Nate Silver, data science, and “math”

My tribe—the data nerds—is feeling pretty smug right now, after Nate Silver’s smart poll aggregation totally nailed the election results. But we’re also a little puzzled by the cavalier way in which what Nate Silver does is described as just “math”, or “simple statistics”.  There is a huge amount of judgement, and hence subjectivity, required in designing the kind of statistical models that 538 uses. I hesitate to bring this up because it’s one of the clubs idiots use to beat up on Nate Silver, but 538 does not weight all polls equally, and (correct me if I’m wrong) the weights are actually set by hand using a complex series of formulae.

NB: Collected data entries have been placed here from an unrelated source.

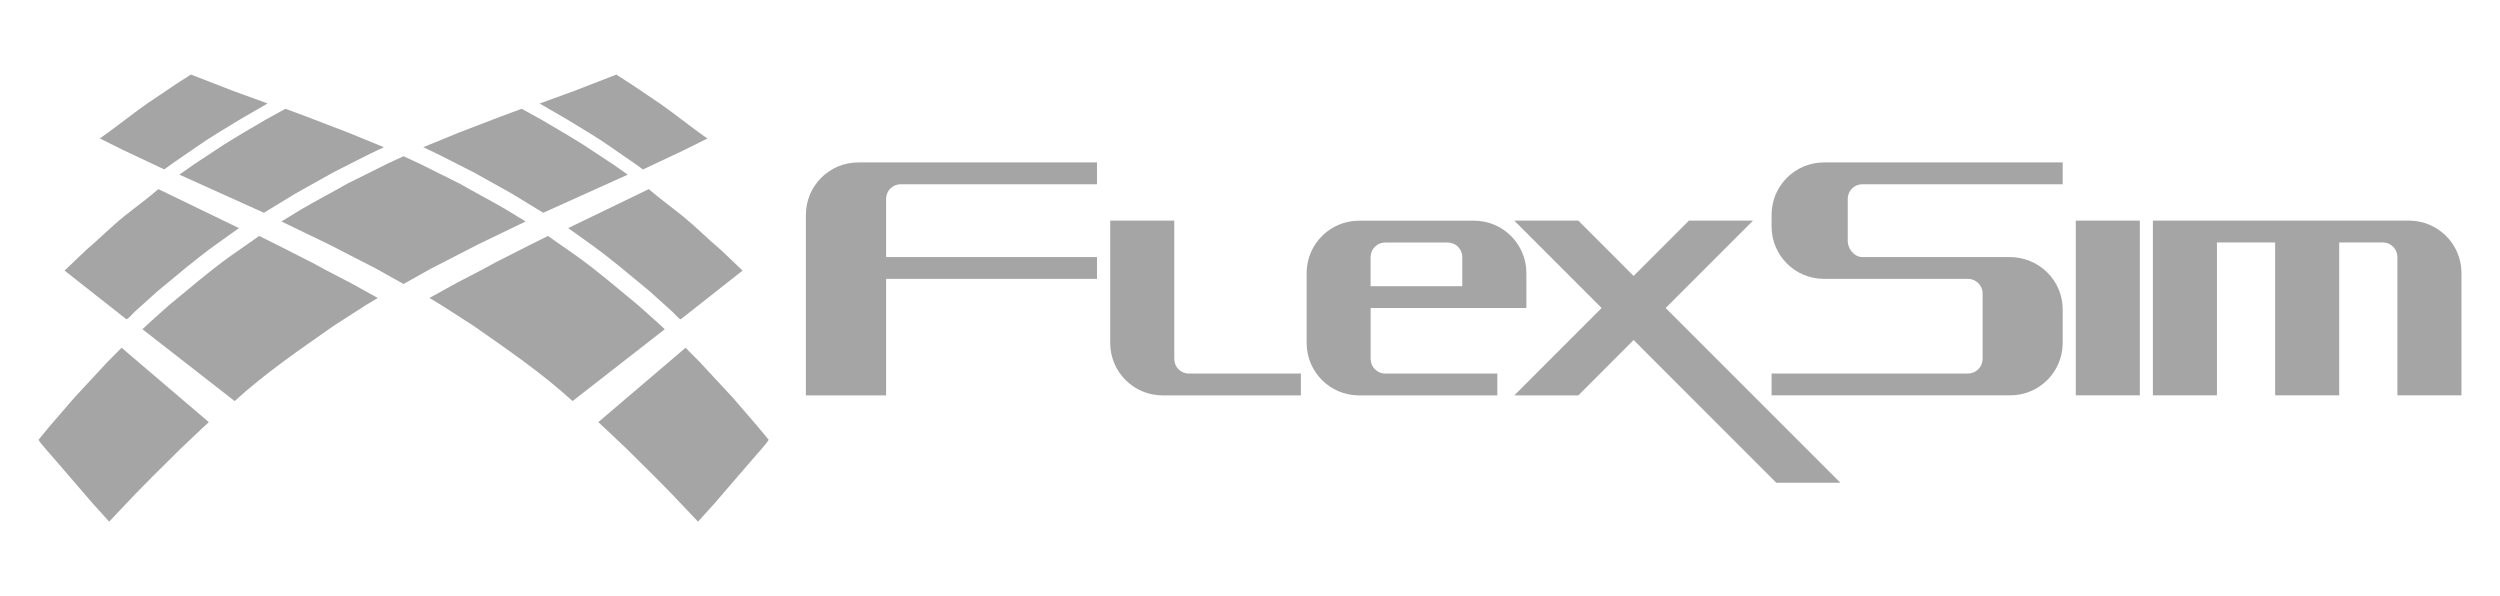 <?xml version="1.0" encoding="UTF-8"?>
<svg id="Layer_1" xmlns="http://www.w3.org/2000/svg" viewBox="0 0 400.8 95.6">
  <defs>
    <style>
      .cls-1 {
        fill: #a5a5a5;
      }
    </style>
  </defs>
  <path class="cls-1" d="M117.47,63.74c-1.77-1.9-3.53-3.81-5.3-5.71-.75-.76-1.51-1.52-2.26-2.28-4.66,3.97-9.31,7.94-13.97,11.91v.04c.37.34.75.69,1.12,1.03,1.11,1.05,2.22,2.1,3.33,3.15,1.5,1.48,3,2.96,4.49,4.45.92.93,1.84,1.87,2.76,2.8,1.42,1.5,2.84,3,4.27,4.5.9-1,1.8-2,2.7-2.99,1.92-2.23,3.84-4.46,5.76-6.69.38-.47,2.83-3.14,2.86-3.45-.61-.74-1.22-1.47-1.83-2.21-1.31-1.52-2.62-3.04-3.93-4.55Z"/>
  <path class="cls-1" d="M17.23,58.03h0c-1.77,1.9-3.53,3.81-5.3,5.71-1.31,1.52-2.62,3.04-3.93,4.55-.61.74-1.22,1.47-1.82,2.21.03.31,2.48,2.98,2.86,3.45,1.92,2.23,3.84,4.46,5.76,6.69.9,1,1.8,2,2.7,2.99,1.42-1.5,2.84-3,4.26-4.5.92-.93,1.84-1.87,2.76-2.8,1.5-1.48,3-2.97,4.49-4.45,1.11-1.05,2.22-2.1,3.33-3.15.37-.34.75-.69,1.12-1.03v-.04c-4.66-3.97-9.31-7.94-13.97-11.91-.75.76-1.51,1.52-2.26,2.28Z"/>
  <path class="cls-1" d="M105.13,51.45h0c-.93-.83-1.86-1.66-2.79-2.49-3.22-2.64-6.37-5.39-9.79-7.84-1.57-1.1-3.14-2.19-4.7-3.29-1,.5-2,.99-3,1.49-1.84.93-3.67,1.87-5.51,2.8-2.59,1.48-5.29,2.72-7.84,4.18-.88.49-1.77.98-2.65,1.47.66.4,1.31.79,1.97,1.19,1.71,1.1,3.42,2.2,5.12,3.29,5.47,3.83,10.99,7.6,15.85,12.05,4.93-3.84,9.86-7.68,14.79-11.52-.48-.44-.96-.89-1.44-1.33Z"/>
  <path class="cls-1" d="M50.06,42.12h0c-1.84-.93-3.67-1.87-5.51-2.8-1-.5-2-.99-3-1.49-1.57,1.1-3.14,2.19-4.7,3.29-3.42,2.46-6.57,5.2-9.79,7.84-.93.83-1.86,1.66-2.79,2.49-.48.44-.96.89-1.44,1.33,4.93,3.84,9.86,7.68,14.79,11.52,4.86-4.44,10.38-8.21,15.85-12.05,1.71-1.1,3.42-2.19,5.12-3.29.66-.4,1.31-.79,1.97-1.19-.88-.49-1.77-.98-2.65-1.47-2.56-1.47-5.26-2.71-7.84-4.18Z"/>
  <path class="cls-1" d="M76.63,39.19h0c2.54-1.23,5.09-2.45,7.63-3.68,0,0-.01-.01-.02-.02-1.06-.65-2.12-1.3-3.18-1.94-2.42-1.42-4.92-2.7-7.37-4.11-2.14-1.07-4.28-2.14-6.42-3.2-.86-.4-1.72-.79-2.58-1.19-.86.4-1.72.79-2.58,1.19-2.14,1.07-4.28,2.14-6.42,3.2-2.45,1.41-4.95,2.69-7.37,4.11-1.06.65-2.12,1.3-3.18,1.94,0,0-.01.01-.02.02,2.54,1.23,5.09,2.45,7.63,3.68,2.54,1.31,5.08,2.61,7.62,3.92,1.4.77,2.92,1.65,4.32,2.42,1.4-.77,2.92-1.65,4.32-2.42,2.54-1.31,5.08-2.61,7.62-3.92Z"/>
  <path class="cls-1" d="M26.32,27.16c.46-.33.92-.67,1.39-1,1.19-.82,2.39-1.65,3.58-2.47,2.31-1.62,4.75-3.07,7.2-4.55,1.46-.85,2.93-1.69,4.39-2.54v-.02c-1.83-.67-3.66-1.33-5.49-2-2.26-.88-4.53-1.75-6.79-2.63-.81.52-1.61,1.04-2.42,1.56-1.53,1.03-3.07,2.07-4.6,3.1-2.57,1.8-5,3.79-7.55,5.57,0,0-.01.01-.02.02,1.25.62,2.49,1.24,3.74,1.86,2.19,1.03,4.39,2.07,6.58,3.1Z"/>
  <path class="cls-1" d="M104.01,30.32c-4.3,2.08-8.61,4.17-12.92,6.25,1.23.88,2.47,1.76,3.7,2.64,3.27,2.36,6.29,4.95,9.37,7.49,1.21,1.09,2.41,2.17,3.62,3.26.32.27,1.01,1.15,1.35,1.23,3.3-2.6,6.61-5.21,9.92-7.81-1.17-1.11-2.34-2.23-3.51-3.34h0c-2.04-1.71-3.91-3.62-5.98-5.31-1.83-1.48-3.77-2.87-5.55-4.41Z"/>
  <path class="cls-1" d="M98.11,23.7h0c1.19.82,2.39,1.65,3.58,2.47.46.33.92.67,1.39,1,2.19-1.03,4.39-2.07,6.58-3.1,1.25-.62,2.49-1.24,3.74-1.86,0,0-.01-.01-.02-.02-2.55-1.78-4.98-3.77-7.55-5.57-1.53-1.03-3.07-2.07-4.6-3.1-.81-.52-1.61-1.04-2.42-1.56-2.26.88-4.53,1.75-6.79,2.63-1.83.67-3.66,1.33-5.49,2v.02c1.46.85,2.93,1.69,4.39,2.54,2.44,1.48,4.89,2.93,7.2,4.55Z"/>
  <path class="cls-1" d="M21.62,49.96c1.2-1.09,2.41-2.17,3.62-3.26,3.08-2.54,6.1-5.14,9.37-7.49,1.23-.88,2.47-1.76,3.7-2.64-4.3-2.08-8.61-4.17-12.92-6.25-1.78,1.55-3.72,2.93-5.55,4.41h0c-2.08,1.68-3.95,3.6-5.98,5.31-1.17,1.11-2.34,2.23-3.51,3.34,3.3,2.6,6.61,5.21,9.92,7.81.34-.08,1.03-.96,1.35-1.23Z"/>
  <path class="cls-1" d="M42.55,19.21c-2.26,1.32-4.51,2.63-6.7,4.01-1.6,1.06-3.21,2.11-4.81,3.17-.75.52-1.5,1.05-2.25,1.58-.01.01-.02.02-.03.03,4.52,2.04,9.03,4.07,13.55,6.11,1.67-1.02,3.35-2.04,5.02-3.06,2.07-1.16,4.14-2.31,6.21-3.47,1.87-.95,3.73-1.89,5.6-2.84.8-.38,1.6-.76,2.4-1.14-1.92-.79-3.84-1.58-5.76-2.36-2.27-.87-4.54-1.74-6.81-2.61h0c-1.07-.4-2.14-.79-3.21-1.19-1.07.59-2.14,1.18-3.21,1.77Z"/>
  <path class="cls-1" d="M75.86,27.58c2.07,1.16,4.14,2.31,6.21,3.47,1.67,1.02,3.35,2.04,5.02,3.06,4.52-2.04,9.03-4.07,13.55-6.11-.01-.01-.02-.02-.04-.03h0c-.75-.53-1.5-1.05-2.25-1.58-1.6-1.06-3.21-2.11-4.81-3.17-2.2-1.38-4.45-2.69-6.7-4.01-1.07-.59-2.14-1.18-3.21-1.77-1.07.4-2.14.79-3.21,1.19-2.27.87-4.54,1.74-6.81,2.61-1.92.79-3.84,1.58-5.76,2.36.8.38,1.6.76,2.4,1.14,1.87.95,3.73,1.89,5.6,2.84Z"/>
  <path class="cls-1" d="M188.26,57.55h0v-22.18h-10.27v19.62c0,4.64,3.76,8.4,8.4,8.4h22.17v-3.5h-17.97c-1.29,0-2.33-1.05-2.33-2.33Z"/>
  <path class="cls-1" d="M129.2,34.44v28.95h12.86v-18.68h33.81v-3.5h-33.81v-9.34c0-1.29,1.05-2.33,2.33-2.33h31.48v-3.5h-38.27c-4.64,0-8.4,3.76-8.4,8.4Z"/>
  <path class="cls-1" d="M219.74,57.55h0v-8.17h24.97v-5.6c0-4.64-3.76-8.4-8.4-8.4h-18.43c-4.64,0-8.4,3.76-8.4,8.4v11.21c0,4.64,3.76,8.4,8.4,8.4h22.17v-3.5h-17.97c-1.29,0-2.33-1.05-2.33-2.33ZM219.74,41.21c0-1.29,1.04-2.33,2.33-2.33h10.03c1.29,0,2.33,1.05,2.33,2.33v4.67h-14.7v-4.67Z"/>
  <polygon class="cls-1" points="267.04 49.38 281.04 35.37 270.77 35.37 261.9 44.24 253.04 35.37 242.77 35.37 256.77 49.38 242.77 63.39 253.04 63.39 261.9 54.51 284.77 77.39 295.04 77.39 267.04 49.38 267.04 49.38"/>
  <path class="cls-1" d="M386.22,35.37h-41.07v28.01h10.27v-24.51h9.33v24.51h10.27v-24.51h7c1.28,0,2.33,1.05,2.33,2.33v22.18h10.27v-19.61c0-4.64-3.76-8.4-8.4-8.4Z"/>
  <rect class="cls-1" x="332.79" y="35.37" width="10.27" height="28.01"/>
  <path class="cls-1" d="M330.69,29.53v-3.49s-38.27,0-38.27,0c-4.64,0-8.4,3.76-8.4,8.4v1.87c0,4.64,3.76,8.4,8.4,8.4h23.1c1.28,0,2.33,1.05,2.33,2.33v10.51c0,1.28-1.05,2.33-2.33,2.33h-31.5v3.5h38.27c4.64,0,8.4-3.76,8.4-8.4v-5.37c0-4.64-3.76-8.4-8.54-8.4h-23.59c-1.28,0-2.33-1.31-2.33-2.59v-6.75c0-1.28,1.05-2.33,2.33-2.33h0s32.13,0,32.13,0Z"/>
</svg>

The point is that the kind of model-building that Nate Silver et al. do is not just “math”, but science. This is why I don’t really like that XKCD comic that everyone has seen by now. Well I like the smug tone, because that is how I, a data scientist, feel about 538’s success. That is right on. But we’ve known that numbers work for a long time. Nate Silver and 538 is not just about numbers, about quantifying things. Pollsters have been doing that for a long time. It is about understanding the structured uncertainty in those numbers, the underlying statistical structure, the interesting relationships between the obvious data (polling numbers) and the less obvious data (economic activity, barometric pressure, etc.) and using that understanding to combine lots of little pieces of data into one, honkin’, solid piece of data. It is about teasing apart the Signal and the Noise. There are an infinity of ways to combine all the polling numbers that 538 aggregates, and let’s just say there is another infinity’s worth of ways to take all that data and make predictions about what will happen in the space of variables that we ultimately care about (like, “who is President in 2014”). It’s not like Nate Silver just sits at his desk with his TI-83 and types in percentage after percentage.

In fact, Joseph Fruehwald makes this point clearly and elegantly, by quantitatively comparing the 538 predictions and the simple average of the very same polls that 538 aggregates to make those predictions. The 538 prediction is something like twice as good (in RMSE terms), and is especially good where either candidate outperformed the polls, meaning there is some “special sauce” that Nate Silver contributes something substantial. Nate Silver isn’t some kind of prophet; there are other poll aggregators who did comparably well. But this whole enterprise is about a lot more than just “using numbers to determine which of two things is bigger”.

I think a good analogy can be made with the whole Sabermetrics trend in baseball (which Nate Silver was involved in, of course). There are lots of ways that a baseball player can be quantified: height, total biomass of body hair, red blood cell count, RBI, slugging percentage, etc. Some of these are very useful in quantifying the individual contribution of a player to the team’s success—and hence their monetary value—while others are not. Knowing which numbers to put into your model, and how, is a step beyond just having the numbers, and that takes some knowledge about the domain—what the numbers mean.